A related research line is that of grounded description, which aims at ensuring that objects mentioned in the output captions match with the attentive distribution of the model, thus avoiding hallucination and improving localization [9,44,84]. Some works also integrated saliency information (i.e. what do humans pay more attention to in a scene [11,74]) in captioning generation. This idea was first proposed by Sugano and Bulling [64] who exploited human eye-fixation information for image captioning by including normalized fixation histograms over the image as an input to the soft-attention module of [77] and weighing the attended image regions based on whether these are fixated or not. Subsequent works on this line [12,52,69] used predicted saliency information in place of eye-fixation information.

3.Transformer-based image captioning

Regardless of the variety of methodologies and architectures which have been proposed in the last few years, all image captioning models can be logically decomposed into a visual encoder module, in charge of processing visual features, and a language model, in charge of generating the actual caption [62]. In this work we focus on Transformer-based captioning models, hence both the visual encoding step and the language generation step are carried out employing Transformer-like layers and attention operations.

Following the original Transformer architecture [71], multi-modal connections between the two modules are based on the application of the cross-attention operator, thus leaving self-attentive connections between modalities separated from each other. An alternative to this choice which is worth mentioning is that of employing a joint self-attentive encoding on both modalities (e.g., by concatenating visual features and words, and feeding the result to a Transformer encoder) [36,83]. While this early-fusion strategy has become particularly popular in the context of Vision-and-Language pre-training [76], as it allows the application of contrastive-like pre-training losses, we leave it apart in favor of a separate encoding of the modalities as this is still the dominant approach in image captioning when pre-training is not employed [14,24]. Further, a separate encoding of the two modalities has been demonstrated to perform favorably also when large-scale pre-training is employed [75]. In this choice, we are further motivated by preliminary experiments that suggest that an early-fusion strategy does not bring significant performance improvements when used in a fully supervised training setting.

3.1.Image encoding

Following recent advancements in the field, we consider two image encoding approaches: that of extracting regions from the input image through an object detector pre-trained to detect objects and attributes, and that of employing grid features extracted from a Vision Transformer model [17]. While the first approach has become the default choice in the last few years after the emergence of the Up-Down model [2], the Vision Transformer [17] is quickly becoming a compelling alternative, which we explore in this paper.

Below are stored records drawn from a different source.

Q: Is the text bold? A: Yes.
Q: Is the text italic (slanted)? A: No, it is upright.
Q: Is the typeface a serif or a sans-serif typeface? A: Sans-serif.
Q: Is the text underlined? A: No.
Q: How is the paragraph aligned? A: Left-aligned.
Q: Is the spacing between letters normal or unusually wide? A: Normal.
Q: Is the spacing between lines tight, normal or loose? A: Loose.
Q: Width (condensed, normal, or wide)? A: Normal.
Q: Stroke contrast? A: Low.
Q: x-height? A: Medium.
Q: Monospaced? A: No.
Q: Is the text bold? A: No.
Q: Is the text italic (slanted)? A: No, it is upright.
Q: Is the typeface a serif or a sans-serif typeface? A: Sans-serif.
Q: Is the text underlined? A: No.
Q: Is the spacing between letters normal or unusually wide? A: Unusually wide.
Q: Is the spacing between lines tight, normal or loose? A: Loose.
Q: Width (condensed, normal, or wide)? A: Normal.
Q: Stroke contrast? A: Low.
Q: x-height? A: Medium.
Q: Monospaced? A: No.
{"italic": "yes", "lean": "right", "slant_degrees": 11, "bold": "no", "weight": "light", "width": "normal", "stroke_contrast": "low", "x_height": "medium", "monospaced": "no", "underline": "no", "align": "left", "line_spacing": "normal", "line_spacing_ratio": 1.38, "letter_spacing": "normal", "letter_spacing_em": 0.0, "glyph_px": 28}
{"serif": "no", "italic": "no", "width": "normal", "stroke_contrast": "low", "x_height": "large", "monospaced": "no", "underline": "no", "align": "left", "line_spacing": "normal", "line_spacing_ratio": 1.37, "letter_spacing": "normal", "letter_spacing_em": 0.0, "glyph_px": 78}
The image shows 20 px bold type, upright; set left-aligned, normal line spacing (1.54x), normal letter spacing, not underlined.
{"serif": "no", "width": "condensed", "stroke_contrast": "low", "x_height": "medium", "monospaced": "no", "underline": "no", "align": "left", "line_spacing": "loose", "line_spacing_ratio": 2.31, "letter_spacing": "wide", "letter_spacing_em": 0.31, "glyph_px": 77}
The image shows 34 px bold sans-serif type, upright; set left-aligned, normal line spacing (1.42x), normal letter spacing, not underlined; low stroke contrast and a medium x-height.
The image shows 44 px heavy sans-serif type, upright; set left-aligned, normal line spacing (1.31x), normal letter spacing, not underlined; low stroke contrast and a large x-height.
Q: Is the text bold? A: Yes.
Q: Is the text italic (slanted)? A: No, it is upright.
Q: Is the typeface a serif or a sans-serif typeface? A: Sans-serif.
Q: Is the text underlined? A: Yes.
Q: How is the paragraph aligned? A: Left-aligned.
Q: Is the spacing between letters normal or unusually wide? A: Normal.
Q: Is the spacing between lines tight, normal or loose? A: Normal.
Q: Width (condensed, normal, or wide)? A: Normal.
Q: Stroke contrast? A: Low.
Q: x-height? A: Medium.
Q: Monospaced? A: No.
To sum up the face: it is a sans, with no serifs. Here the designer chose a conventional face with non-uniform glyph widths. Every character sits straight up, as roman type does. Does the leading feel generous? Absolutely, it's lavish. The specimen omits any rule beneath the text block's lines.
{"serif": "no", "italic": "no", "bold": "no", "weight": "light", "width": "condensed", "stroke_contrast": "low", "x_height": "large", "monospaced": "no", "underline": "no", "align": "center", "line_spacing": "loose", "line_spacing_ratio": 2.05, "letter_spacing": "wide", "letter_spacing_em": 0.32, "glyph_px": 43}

To enrich the quality of the visual features, we employ a Vision Transformer model which is pre-trained for multi-modal retrieval [51]. To the best of our knowledge, the application of Vision Transformers in an image captioning model has been investigated by Liu et al. [40], using the original model trained for image classification, and by Shen et al. [58], which adopted a pre-training based on multi-modal retrieval as well.

Fig. 1.

Structure of the image captioning models considered in our analysis: (a) a standard fully-attentive encoder-decoder captioner; (b) an encoder with additional memory slots to encode a-priori information; (c) a decoder with meshed connectivity which weights contributions from all encoder layers.

Image region features. In this approach, Faster R-CNN [55] is adopted to detect objects in the input image in two stages: the first, called Region Proposal Network, produces object proposals rolling over intermediate features of a CNN; the second operates a pooling of the region of interest to extract a feature vector for each proposal. One of the key elements of this approach resides in its pre-training strategy, where an auxiliary training loss is added for learning to predict attribute classes alongside object classes on the Visual Genome dataset [30]. This allows the model to predict a dense and rich set of detections, including both salient object and contextual regions and favors the learning of better feature representations. In particular, we employ a Faster R-CNN [55] model with a ResNet-101 [22] backbone, finetuned on the Visual Genome dataset [30]. This feature extraction process results in a variable number of detections for an input image, each described by a 2048-d feature descriptor.

Vision transformer (ViT). Transformer-like architectures can be applied directly on image patches, thus excluding or limiting the usage of the convolutional operator [17,70]. The image encoder we employ in this case is a ViT-B/32 which closely follows the original implementation [17] with only the minor modification of adding an additional layer normalization to the combined patch and position embeddings before the transformer and use a slightly different initialization scheme. The encoder is pre-trained on with a symmetric cross-entropy loss for multi-modal retrieval, on a private large-scale dataset [51]. In this case, the image encoding process results in a set of 50 768-d feature vectors, corresponding to either one of the 49 32×32 patches in which the input image is divided, or to the extra “classification token” of the architecture.

3.2.Transformer layers

Regardless of the choice, both image encoding methodologies result in a set of feature vectors describing the input image. These are then fed to the encoder part of the architecture (Fig. 1). Both encoder and decoder consist of a stack of Transformer layers that act, indeed, on image regions and words. In the following, we revise their fundamental features. Each encoder layer consists of a self-attention and feed-forward layer, while each decoder layer is a stack of one self-attentive and one cross-attentive layer, plus a feed-forward layer. Both attention layers and feed-forward layers are encapsulated into “add-norm” operations, described in the following.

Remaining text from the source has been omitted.